Some limitations exist that should not be neglected when interpreting the conclusions of this study. First, most studies included in this meta-analysis were performed retrospectively whereas only one prospective RCT was included. Generally, RCTs are much more suitable than other types of trials for meta-analysis; with only one RCT included in this meta-analysis, the quality and confidence level might be questioned. Second, there was no analysis of survival based on chemoradiotherapy status. It is well known that chemoradiotherapy following surgery is the standard treatment for AGC patients; thus, the long-term follow-up results of LG and OG could be better evaluated if patients were stratified by chemoradiotherapy status or modality. Third, the case volumes of the included studies varied greatly, which could significantly affect the results of surgical procedures and lead to high heterogeneity among studies. In such a case, comparisons of surgical results would be influenced by surgeons’ experience. Future trials with prospective design and multi-center participation are needed.
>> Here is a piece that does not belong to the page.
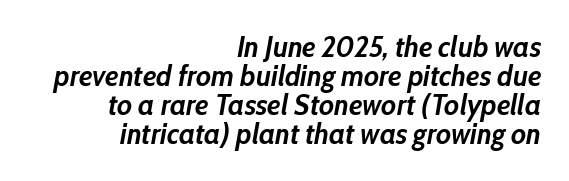
{"italic": "yes", "lean": "right", "slant_degrees": 10, "bold": "yes", "weight": "semibold", "width": "condensed", "stroke_contrast": "low", "x_height": "medium", "monospaced": "no", "underline": "no", "align": "right", "line_spacing": "tight", "line_spacing_ratio": 0.97, "letter_spacing": "normal", "letter_spacing_em": 0.0, "glyph_px": 30}
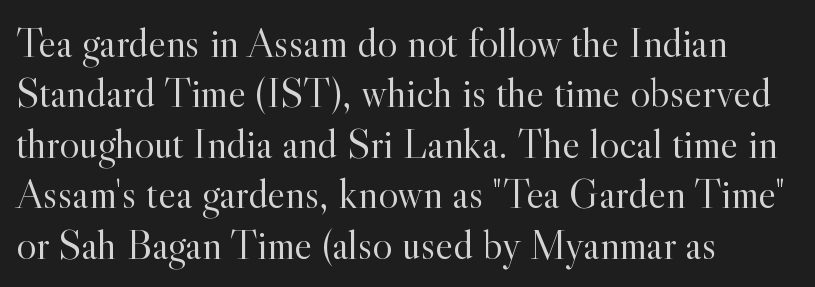
{"serif": "yes", "italic": "no", "bold": "no", "weight": "light", "width": "normal", "x_height": "small", "monospaced": "no", "underline": "no", "align": "left", "line_spacing_ratio": 1.2, "letter_spacing": "normal", "letter_spacing_em": 0.0, "glyph_px": 42}

Conclusively, the current study presented convincing evidence to show that LG could achieve comparable results with OG for AGC patients in terms of short- and long-term effects. Moreover, LG demonstrated some advantages over OG, including faster recovery and shorter hospitalization time. Although ongoing RCTs have not yielded clear answers on this issue up to now, based on the results of this and other former meta-analyses, as well as previous trials, we believe AGC could be safely treated with LG by experienced surgeons under standard laparoscopic principles.